──────── GIVEN RECORDS
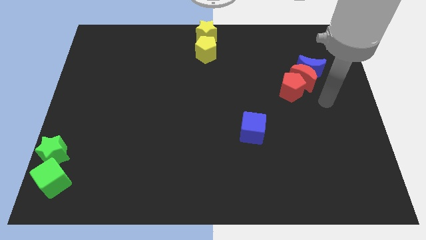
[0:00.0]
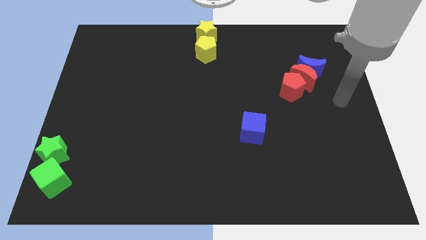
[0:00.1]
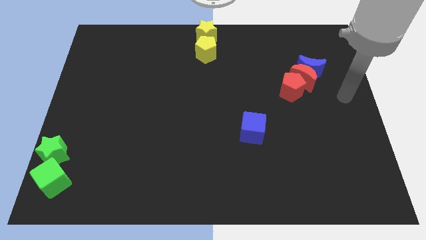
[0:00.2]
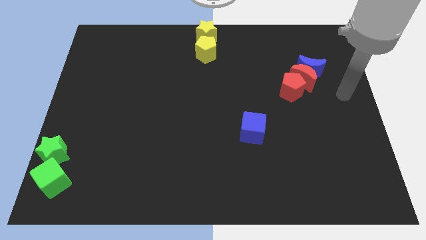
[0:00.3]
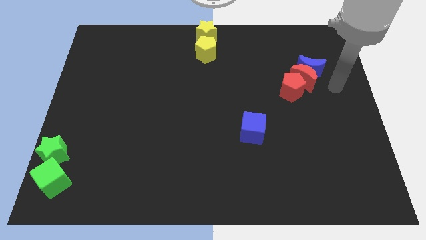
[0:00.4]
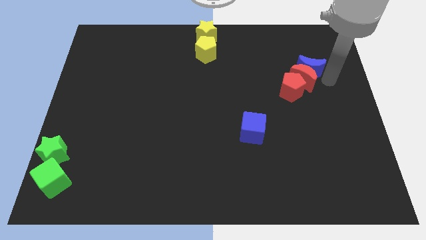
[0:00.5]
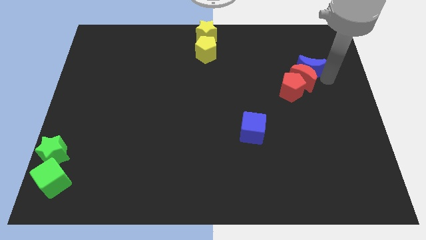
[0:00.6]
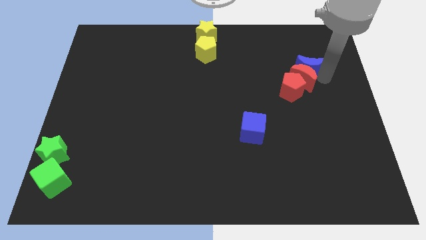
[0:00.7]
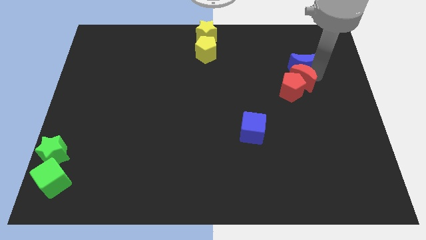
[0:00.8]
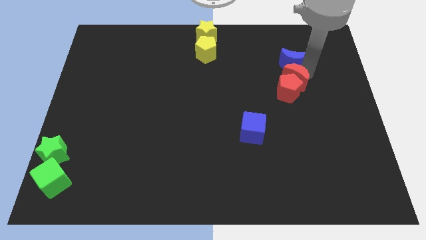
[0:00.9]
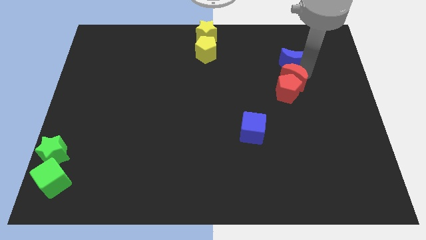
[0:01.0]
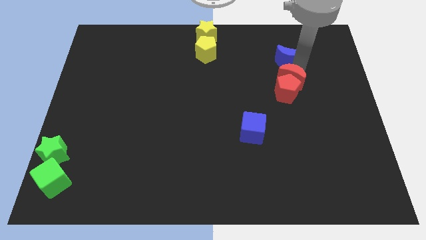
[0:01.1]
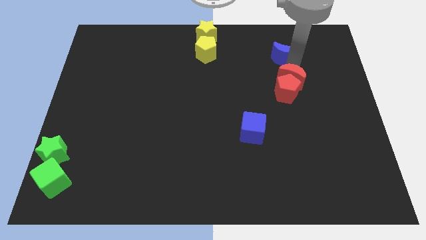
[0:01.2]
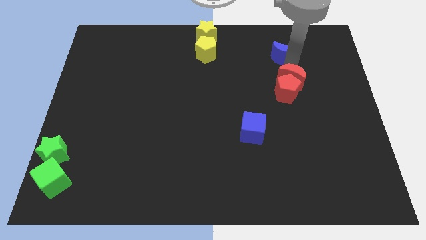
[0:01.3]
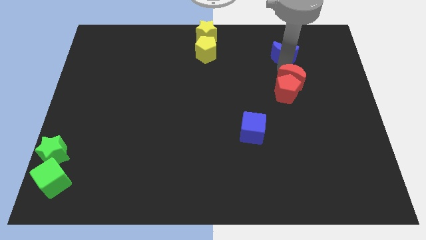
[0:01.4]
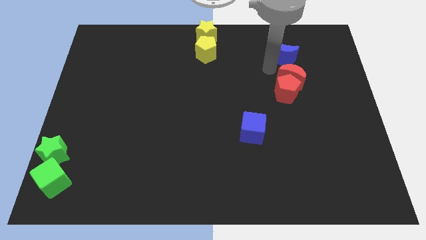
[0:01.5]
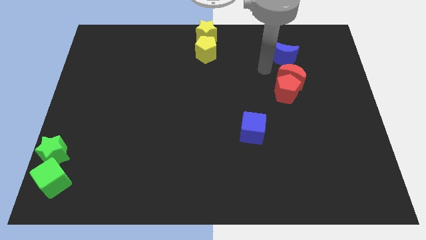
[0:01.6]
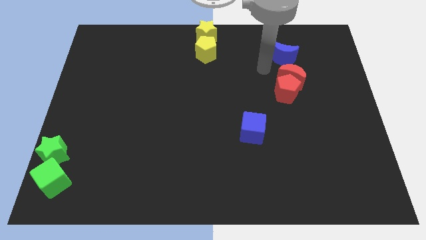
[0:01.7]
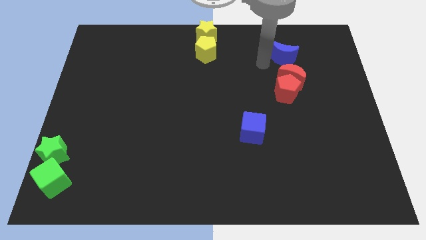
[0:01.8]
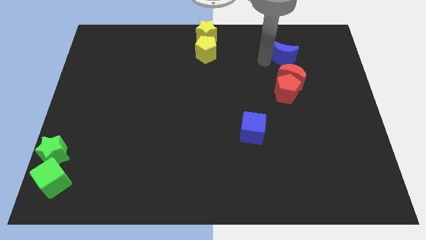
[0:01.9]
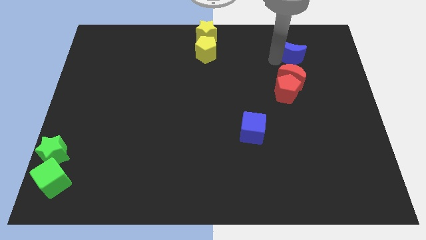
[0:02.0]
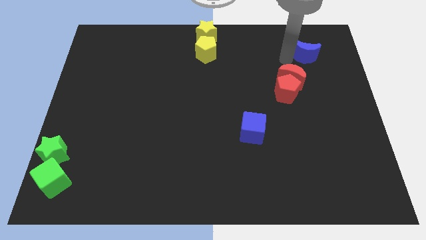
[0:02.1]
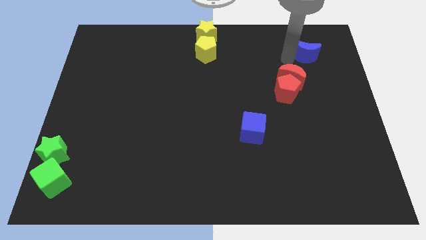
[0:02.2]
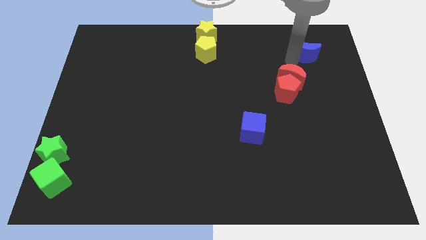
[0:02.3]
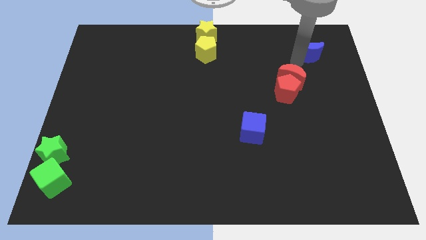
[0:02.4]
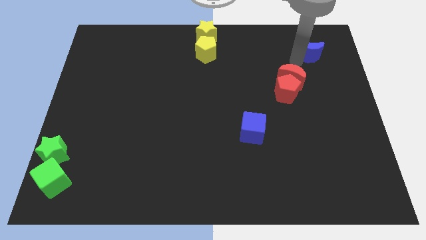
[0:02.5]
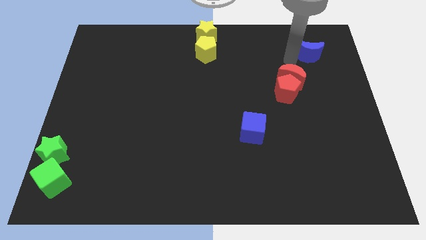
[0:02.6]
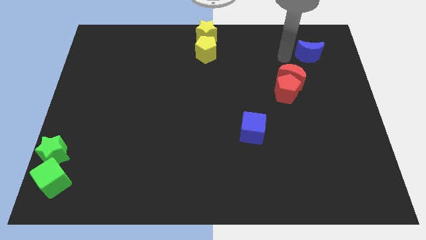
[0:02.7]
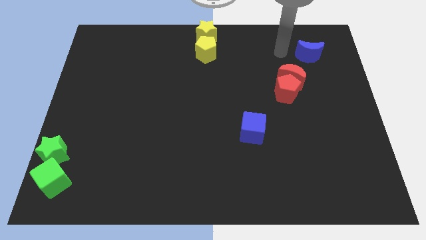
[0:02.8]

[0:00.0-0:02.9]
separate blue moon from red moon
────────────────
▸ WHAT THIS TASK INVOLVES
When you transcribe the lines above, keep every word exact but leave the pictures behind.

▸ REPLY TO THE TASK
[0:00.0]
[0:00.1]
[0:00.2]
[0:00.3]
[0:00.4]
[0:00.5]
[0:00.6]
[0:00.7]
[0:00.8]
[0:00.9]
[0:01.0]
[0:01.1]
[0:01.2]
[0:01.3]
[0:01.4]
[0:01.5]
[0:01.6]
[0:01.7]
[0:01.8]
[0:01.9]
[0:02.0]
[0:02.1]
[0:02.2]
[0:02.3]
[0:02.4]
[0:02.5]
[0:02.6]
[0:02.7]
[0:02.8]

[0:00.0-0:02.9]
separate blue moon from red moon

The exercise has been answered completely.